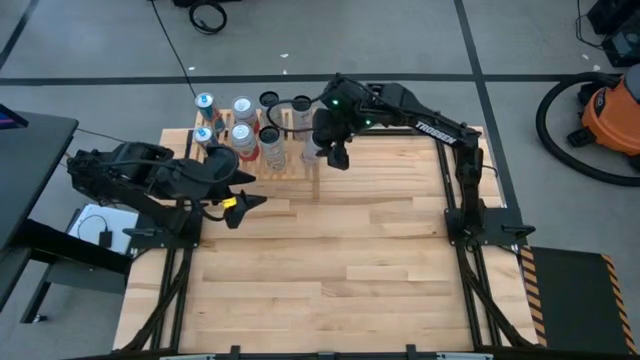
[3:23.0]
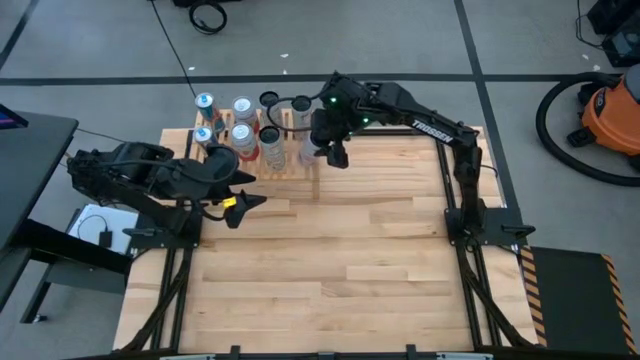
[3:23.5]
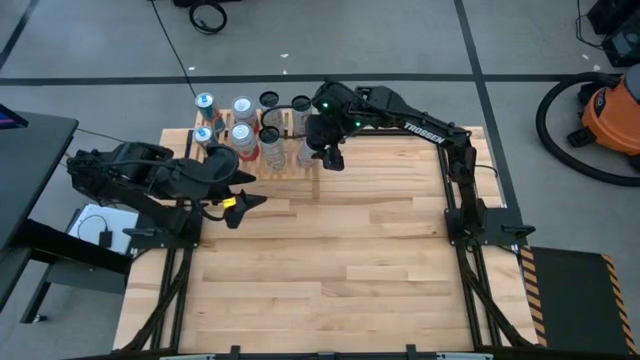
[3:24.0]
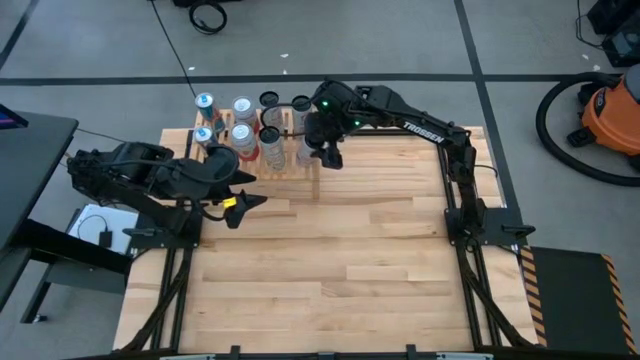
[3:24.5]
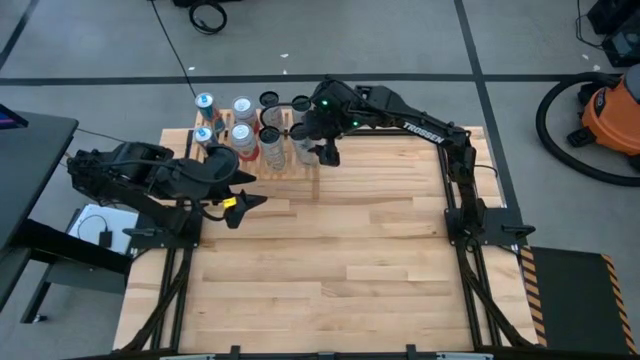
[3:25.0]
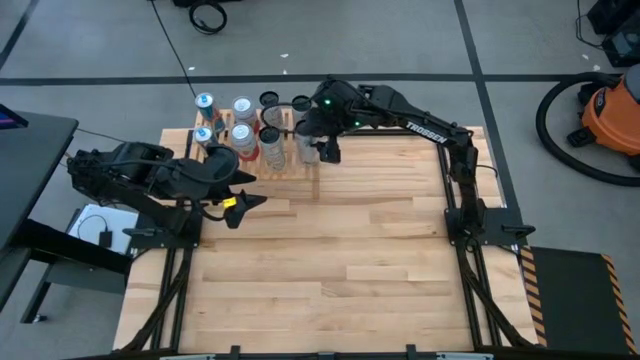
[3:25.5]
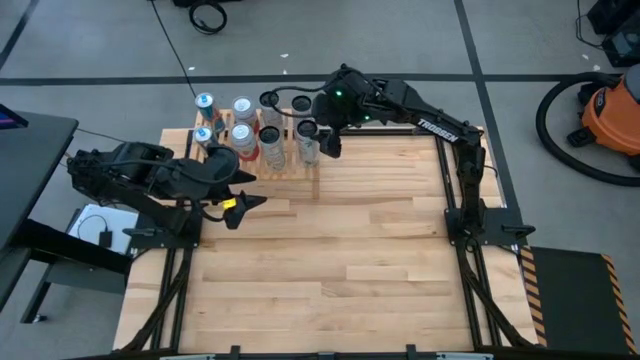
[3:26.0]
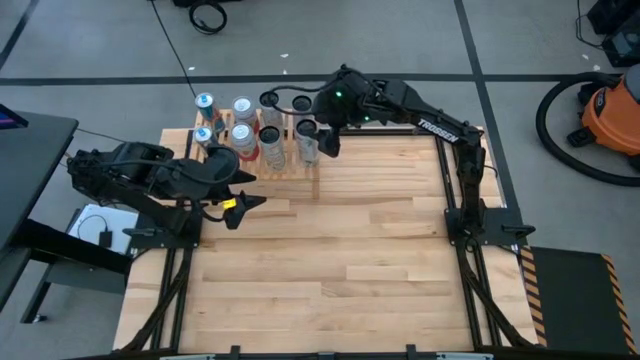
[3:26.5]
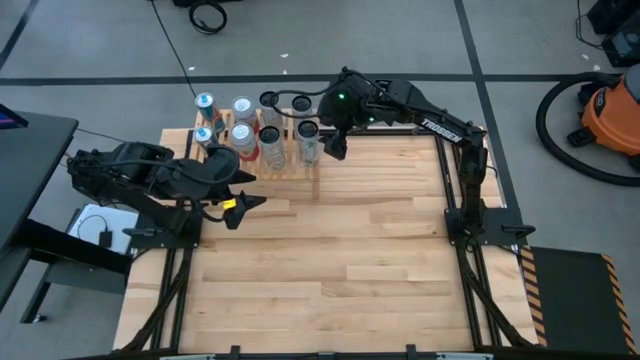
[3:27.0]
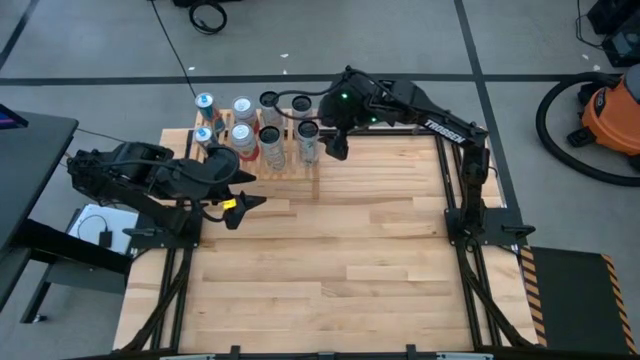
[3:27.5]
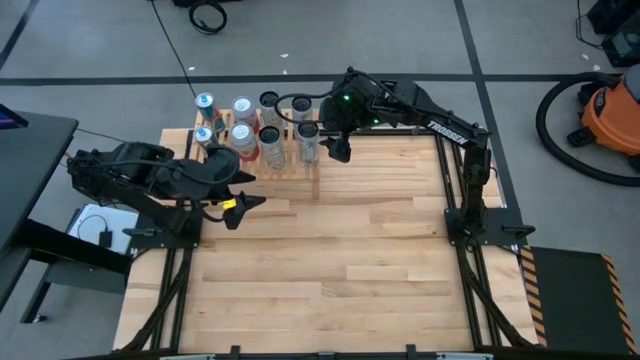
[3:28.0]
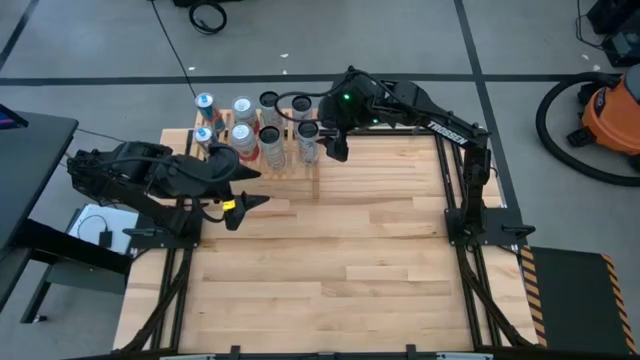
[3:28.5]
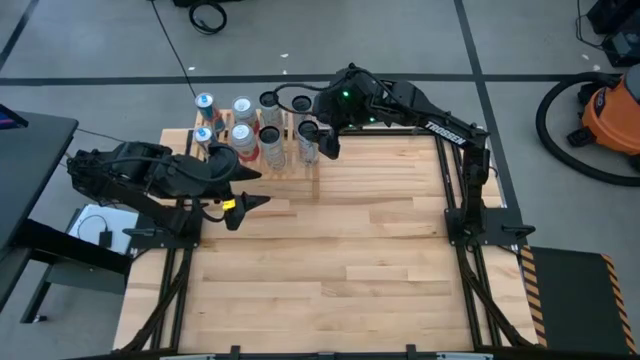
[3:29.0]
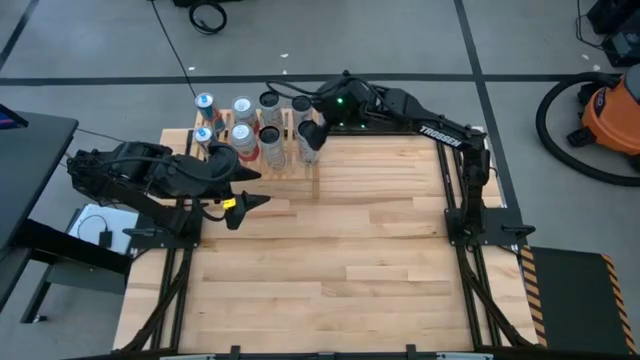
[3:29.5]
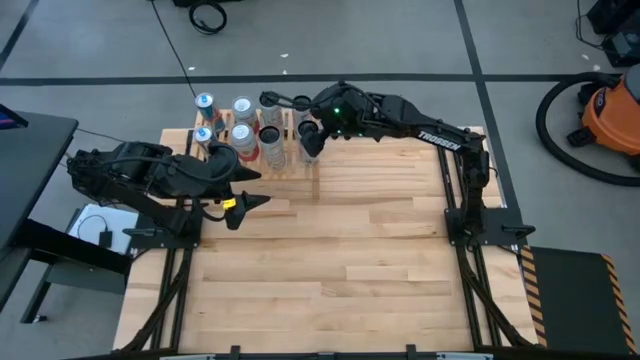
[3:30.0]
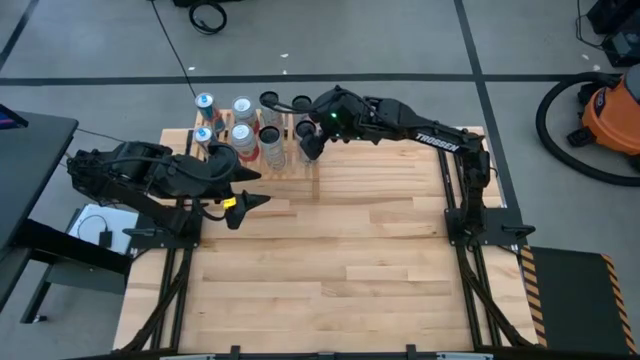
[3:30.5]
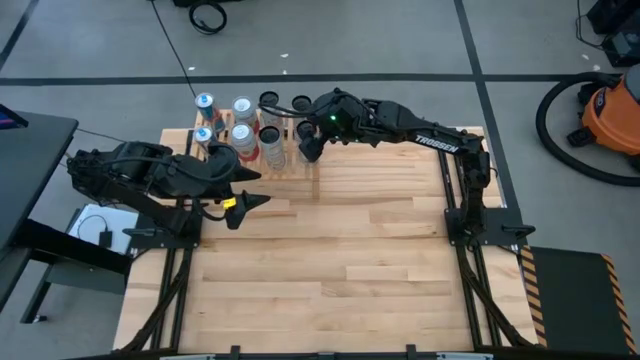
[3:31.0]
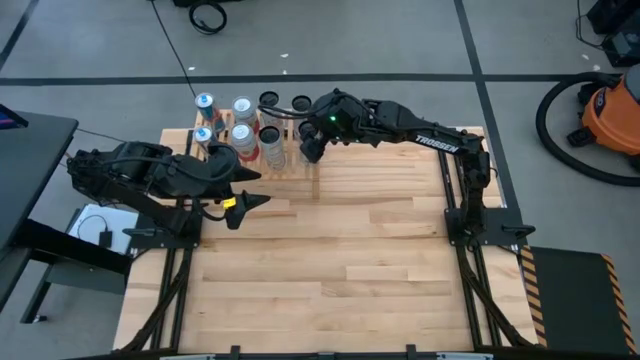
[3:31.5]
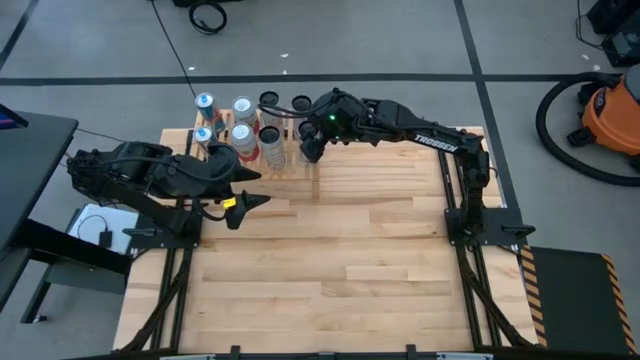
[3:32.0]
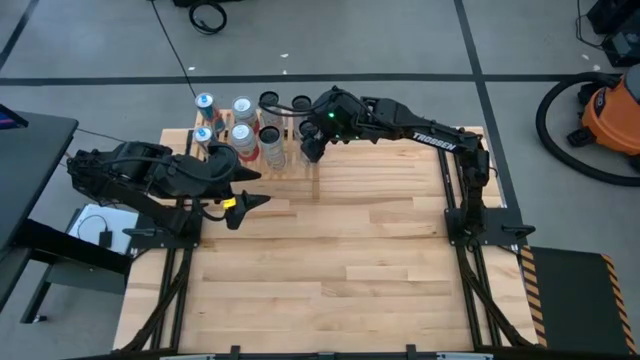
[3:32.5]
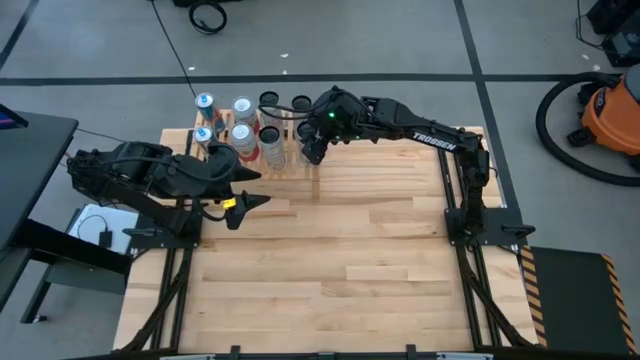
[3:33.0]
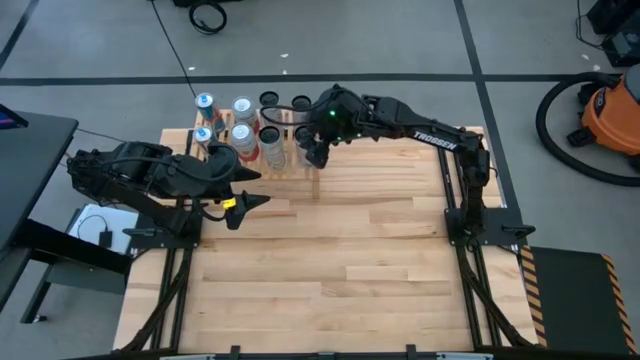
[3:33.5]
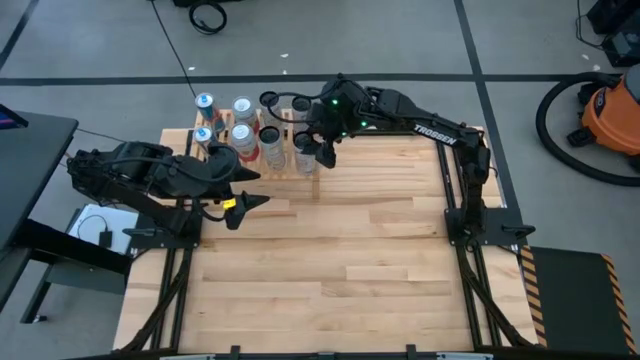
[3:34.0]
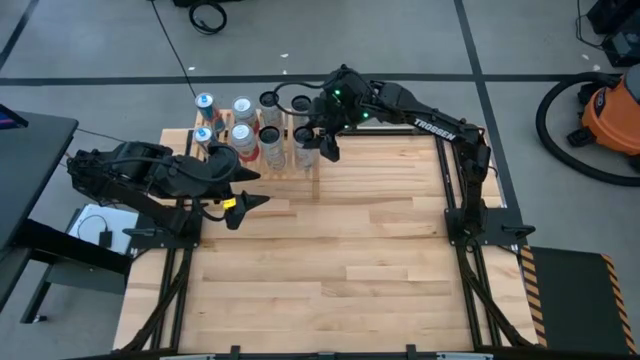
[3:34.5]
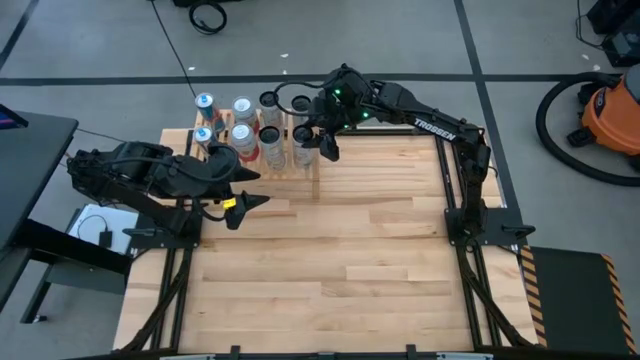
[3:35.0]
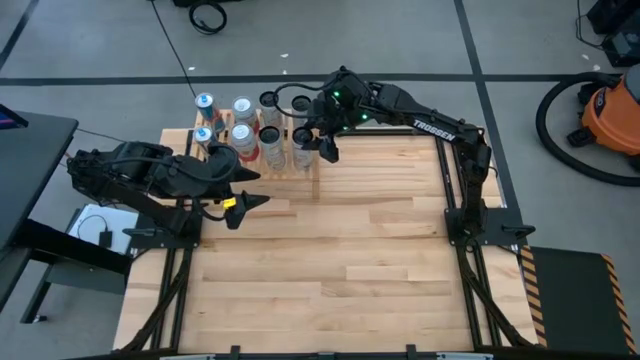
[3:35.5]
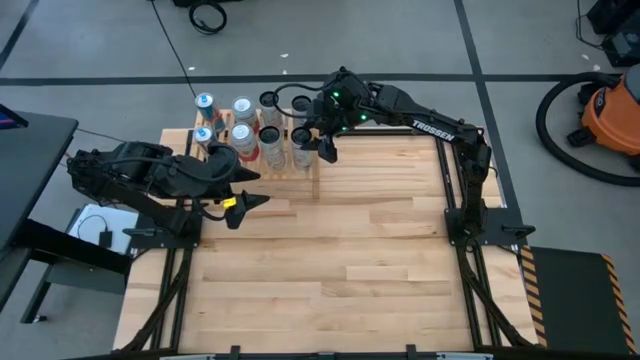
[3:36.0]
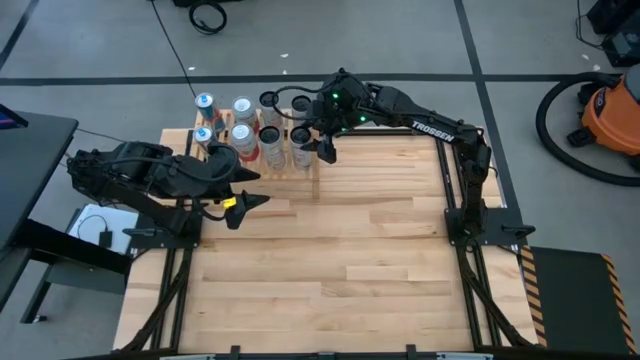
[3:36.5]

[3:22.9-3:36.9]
Task: Place canned beverage on shelf
Put the white and pink soda can on the shelf aligned with the other white and pink soda can on the shelf

============================================================

**WHAT THE EXERCISE ASKS:** Set down each entry above word for word, without its pictures.

**PROBLEM SOLUTION:**
[3:23.0]
[3:23.5]
[3:24.0]
[3:24.5]
[3:25.0]
[3:25.5]
[3:26.0]
[3:26.5]
[3:27.0]
[3:27.5]
[3:28.0]
[3:28.5]
[3:29.0]
[3:29.5]
[3:30.0]
[3:30.5]
[3:31.0]
[3:31.5]
[3:32.0]
[3:32.5]
[3:33.0]
[3:33.5]
[3:34.0]
[3:34.5]
[3:35.0]
[3:35.5]
[3:36.0]
[3:36.5]

[3:22.9-3:36.9]
Task: Place canned beverage on shelf
Put the white and pink soda can on the shelf aligned with the other white and pink soda can on the shelf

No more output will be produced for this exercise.